BEGIN Data for this task

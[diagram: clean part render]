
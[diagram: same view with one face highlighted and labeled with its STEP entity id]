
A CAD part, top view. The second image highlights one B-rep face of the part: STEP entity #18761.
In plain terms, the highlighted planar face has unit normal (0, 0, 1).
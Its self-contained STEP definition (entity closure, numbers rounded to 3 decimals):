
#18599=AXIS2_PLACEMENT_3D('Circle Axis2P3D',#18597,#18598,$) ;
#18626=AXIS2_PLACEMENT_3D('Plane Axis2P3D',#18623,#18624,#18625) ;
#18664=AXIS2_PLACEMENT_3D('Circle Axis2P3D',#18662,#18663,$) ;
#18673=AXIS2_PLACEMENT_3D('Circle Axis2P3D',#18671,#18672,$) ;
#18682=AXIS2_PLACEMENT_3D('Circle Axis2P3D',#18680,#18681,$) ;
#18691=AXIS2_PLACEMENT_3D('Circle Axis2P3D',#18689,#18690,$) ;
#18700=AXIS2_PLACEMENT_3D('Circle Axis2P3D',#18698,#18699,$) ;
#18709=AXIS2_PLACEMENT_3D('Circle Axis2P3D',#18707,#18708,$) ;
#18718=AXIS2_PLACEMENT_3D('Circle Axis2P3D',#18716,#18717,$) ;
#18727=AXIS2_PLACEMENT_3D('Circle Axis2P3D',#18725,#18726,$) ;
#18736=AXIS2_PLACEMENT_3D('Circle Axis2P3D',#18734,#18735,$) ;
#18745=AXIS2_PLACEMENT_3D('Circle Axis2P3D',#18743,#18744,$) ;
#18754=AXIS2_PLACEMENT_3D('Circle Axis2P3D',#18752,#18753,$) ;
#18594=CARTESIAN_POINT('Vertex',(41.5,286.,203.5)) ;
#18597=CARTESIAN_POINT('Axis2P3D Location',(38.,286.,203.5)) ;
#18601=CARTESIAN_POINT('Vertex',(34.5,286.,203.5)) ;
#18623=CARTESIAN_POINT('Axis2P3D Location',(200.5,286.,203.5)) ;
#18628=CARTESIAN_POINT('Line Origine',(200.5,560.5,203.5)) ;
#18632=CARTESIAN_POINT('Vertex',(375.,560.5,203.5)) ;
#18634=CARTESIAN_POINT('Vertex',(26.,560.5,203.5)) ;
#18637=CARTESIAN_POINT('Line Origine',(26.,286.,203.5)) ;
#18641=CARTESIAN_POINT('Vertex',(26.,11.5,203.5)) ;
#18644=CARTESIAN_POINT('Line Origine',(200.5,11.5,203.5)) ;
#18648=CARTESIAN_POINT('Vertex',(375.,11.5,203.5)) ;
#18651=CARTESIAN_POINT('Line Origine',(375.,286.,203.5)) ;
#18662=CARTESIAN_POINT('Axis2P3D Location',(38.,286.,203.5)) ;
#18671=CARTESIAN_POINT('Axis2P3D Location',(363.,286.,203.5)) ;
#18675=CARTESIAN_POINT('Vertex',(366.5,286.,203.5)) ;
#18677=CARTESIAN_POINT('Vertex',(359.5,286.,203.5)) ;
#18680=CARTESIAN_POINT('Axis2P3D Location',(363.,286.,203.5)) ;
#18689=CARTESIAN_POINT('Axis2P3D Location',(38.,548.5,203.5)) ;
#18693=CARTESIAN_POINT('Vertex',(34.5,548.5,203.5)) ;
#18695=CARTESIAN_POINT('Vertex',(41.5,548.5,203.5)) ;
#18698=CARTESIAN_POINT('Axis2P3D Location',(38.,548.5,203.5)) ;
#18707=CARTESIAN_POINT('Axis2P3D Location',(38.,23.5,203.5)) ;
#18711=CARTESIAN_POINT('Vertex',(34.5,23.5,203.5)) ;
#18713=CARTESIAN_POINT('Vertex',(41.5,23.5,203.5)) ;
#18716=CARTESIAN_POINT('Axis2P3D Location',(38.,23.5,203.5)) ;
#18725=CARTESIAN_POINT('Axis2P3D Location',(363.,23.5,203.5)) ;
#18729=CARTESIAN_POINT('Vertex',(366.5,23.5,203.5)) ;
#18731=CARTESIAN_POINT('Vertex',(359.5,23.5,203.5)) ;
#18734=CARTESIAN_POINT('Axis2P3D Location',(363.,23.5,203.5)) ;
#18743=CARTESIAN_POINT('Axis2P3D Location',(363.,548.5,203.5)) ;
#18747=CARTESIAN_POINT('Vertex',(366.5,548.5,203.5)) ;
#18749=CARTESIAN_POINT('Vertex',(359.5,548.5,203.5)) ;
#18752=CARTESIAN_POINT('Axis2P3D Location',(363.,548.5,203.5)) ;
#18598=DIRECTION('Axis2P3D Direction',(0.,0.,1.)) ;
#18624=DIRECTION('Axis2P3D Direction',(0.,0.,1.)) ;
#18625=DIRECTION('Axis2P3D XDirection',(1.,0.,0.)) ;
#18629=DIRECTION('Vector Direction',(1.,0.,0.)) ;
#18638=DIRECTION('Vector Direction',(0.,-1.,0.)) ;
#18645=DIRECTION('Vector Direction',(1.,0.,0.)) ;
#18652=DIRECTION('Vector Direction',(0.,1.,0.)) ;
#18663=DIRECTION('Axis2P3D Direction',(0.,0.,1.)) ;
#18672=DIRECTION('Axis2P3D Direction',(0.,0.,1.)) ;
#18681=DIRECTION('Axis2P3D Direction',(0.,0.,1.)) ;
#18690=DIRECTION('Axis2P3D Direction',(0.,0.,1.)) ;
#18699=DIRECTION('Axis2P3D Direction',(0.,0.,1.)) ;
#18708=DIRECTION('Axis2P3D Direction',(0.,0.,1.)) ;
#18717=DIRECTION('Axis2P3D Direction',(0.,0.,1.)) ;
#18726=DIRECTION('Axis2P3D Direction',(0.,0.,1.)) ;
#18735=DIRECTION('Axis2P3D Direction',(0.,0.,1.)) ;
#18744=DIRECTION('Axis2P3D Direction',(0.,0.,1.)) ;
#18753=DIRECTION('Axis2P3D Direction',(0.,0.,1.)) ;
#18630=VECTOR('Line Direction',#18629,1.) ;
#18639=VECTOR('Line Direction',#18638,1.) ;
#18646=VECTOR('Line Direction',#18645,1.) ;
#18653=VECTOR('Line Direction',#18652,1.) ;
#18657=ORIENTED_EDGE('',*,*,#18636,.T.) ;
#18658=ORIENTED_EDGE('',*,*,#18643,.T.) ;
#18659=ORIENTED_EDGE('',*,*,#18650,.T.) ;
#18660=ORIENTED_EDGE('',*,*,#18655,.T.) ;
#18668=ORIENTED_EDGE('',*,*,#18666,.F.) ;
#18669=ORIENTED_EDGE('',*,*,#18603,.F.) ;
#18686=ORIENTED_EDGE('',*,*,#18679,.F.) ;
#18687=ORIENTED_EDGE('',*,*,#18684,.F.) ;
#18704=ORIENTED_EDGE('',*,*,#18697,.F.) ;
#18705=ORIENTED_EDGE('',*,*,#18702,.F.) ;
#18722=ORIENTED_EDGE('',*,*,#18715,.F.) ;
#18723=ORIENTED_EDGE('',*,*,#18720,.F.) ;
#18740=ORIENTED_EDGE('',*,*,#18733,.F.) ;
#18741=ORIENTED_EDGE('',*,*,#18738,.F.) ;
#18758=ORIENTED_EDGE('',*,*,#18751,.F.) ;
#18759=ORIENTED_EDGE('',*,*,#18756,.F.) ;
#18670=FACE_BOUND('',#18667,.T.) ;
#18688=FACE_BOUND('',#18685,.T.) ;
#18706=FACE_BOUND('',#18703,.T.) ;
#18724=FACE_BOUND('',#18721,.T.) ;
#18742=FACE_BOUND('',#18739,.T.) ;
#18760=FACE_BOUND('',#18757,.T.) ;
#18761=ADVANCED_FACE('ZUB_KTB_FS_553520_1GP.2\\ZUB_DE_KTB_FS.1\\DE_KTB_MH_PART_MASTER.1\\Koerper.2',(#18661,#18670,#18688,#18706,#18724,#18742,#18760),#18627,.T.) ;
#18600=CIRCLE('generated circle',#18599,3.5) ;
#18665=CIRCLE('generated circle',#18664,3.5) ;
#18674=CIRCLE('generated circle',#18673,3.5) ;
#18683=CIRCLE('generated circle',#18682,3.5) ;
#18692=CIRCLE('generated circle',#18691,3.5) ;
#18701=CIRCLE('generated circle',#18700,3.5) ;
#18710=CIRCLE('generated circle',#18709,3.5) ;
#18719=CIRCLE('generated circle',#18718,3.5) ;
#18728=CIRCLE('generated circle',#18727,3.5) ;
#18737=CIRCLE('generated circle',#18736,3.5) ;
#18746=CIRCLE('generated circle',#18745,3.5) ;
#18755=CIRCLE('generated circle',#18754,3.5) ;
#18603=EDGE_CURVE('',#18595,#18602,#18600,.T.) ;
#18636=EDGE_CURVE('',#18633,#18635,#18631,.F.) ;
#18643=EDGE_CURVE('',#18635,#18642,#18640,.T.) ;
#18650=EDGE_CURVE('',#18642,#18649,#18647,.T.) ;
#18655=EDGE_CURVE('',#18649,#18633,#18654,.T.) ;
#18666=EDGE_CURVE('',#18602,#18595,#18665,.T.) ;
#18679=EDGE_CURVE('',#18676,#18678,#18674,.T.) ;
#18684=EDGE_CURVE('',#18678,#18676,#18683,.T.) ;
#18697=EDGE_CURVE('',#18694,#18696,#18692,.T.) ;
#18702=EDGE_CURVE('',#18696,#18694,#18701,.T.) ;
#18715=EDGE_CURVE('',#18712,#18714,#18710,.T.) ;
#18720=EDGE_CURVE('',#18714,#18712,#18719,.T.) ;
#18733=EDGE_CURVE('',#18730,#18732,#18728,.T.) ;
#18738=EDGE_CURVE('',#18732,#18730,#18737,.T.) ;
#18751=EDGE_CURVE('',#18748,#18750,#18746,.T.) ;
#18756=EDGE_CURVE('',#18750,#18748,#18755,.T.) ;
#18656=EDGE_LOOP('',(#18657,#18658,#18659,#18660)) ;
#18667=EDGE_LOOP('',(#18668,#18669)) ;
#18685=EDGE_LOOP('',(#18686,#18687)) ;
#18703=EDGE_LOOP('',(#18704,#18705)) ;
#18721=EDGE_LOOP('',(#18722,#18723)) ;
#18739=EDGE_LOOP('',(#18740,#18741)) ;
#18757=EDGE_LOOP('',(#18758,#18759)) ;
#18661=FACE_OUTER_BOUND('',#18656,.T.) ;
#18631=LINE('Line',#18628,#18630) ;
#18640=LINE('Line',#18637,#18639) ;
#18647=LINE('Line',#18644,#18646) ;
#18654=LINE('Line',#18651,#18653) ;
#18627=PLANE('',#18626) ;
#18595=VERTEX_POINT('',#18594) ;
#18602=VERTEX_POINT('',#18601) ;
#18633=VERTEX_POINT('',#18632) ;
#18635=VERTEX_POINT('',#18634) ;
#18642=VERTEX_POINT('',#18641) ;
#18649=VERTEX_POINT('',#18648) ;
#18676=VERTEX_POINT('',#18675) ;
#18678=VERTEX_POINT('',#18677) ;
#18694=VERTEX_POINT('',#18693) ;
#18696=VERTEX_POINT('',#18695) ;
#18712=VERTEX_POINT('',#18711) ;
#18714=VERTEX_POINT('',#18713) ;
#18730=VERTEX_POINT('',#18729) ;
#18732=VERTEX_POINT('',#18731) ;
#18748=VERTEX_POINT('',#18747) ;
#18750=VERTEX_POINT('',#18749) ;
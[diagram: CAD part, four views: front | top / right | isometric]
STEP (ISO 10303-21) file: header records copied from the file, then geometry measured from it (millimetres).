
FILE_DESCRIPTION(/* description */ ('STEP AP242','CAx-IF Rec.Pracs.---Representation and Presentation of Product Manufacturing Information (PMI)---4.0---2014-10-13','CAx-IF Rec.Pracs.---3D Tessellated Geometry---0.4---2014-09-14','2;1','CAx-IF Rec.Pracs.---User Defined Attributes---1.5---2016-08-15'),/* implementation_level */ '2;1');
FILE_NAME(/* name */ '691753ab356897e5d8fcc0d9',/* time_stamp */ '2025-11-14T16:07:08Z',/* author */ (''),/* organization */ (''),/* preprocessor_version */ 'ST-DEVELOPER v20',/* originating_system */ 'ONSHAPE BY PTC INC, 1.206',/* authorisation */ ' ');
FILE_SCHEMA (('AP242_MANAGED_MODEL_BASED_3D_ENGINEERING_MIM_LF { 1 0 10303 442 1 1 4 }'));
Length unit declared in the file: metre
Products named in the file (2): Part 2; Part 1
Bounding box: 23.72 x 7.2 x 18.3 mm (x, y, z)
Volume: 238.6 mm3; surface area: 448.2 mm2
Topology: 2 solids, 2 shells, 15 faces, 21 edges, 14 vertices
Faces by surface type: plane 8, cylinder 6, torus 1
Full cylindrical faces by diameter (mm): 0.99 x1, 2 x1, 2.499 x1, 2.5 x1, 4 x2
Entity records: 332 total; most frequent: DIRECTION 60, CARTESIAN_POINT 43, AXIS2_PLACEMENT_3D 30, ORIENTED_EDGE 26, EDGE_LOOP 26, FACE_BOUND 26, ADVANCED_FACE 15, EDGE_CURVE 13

END Data for this task

- What is required -
Copy out all lines of the listing above that include "highlighted".

- Worked solution -
[diagram: same view with one face highlighted and labeled with its STEP entity id]
In plain terms, the highlighted planar face has unit normal (0, 0, 1).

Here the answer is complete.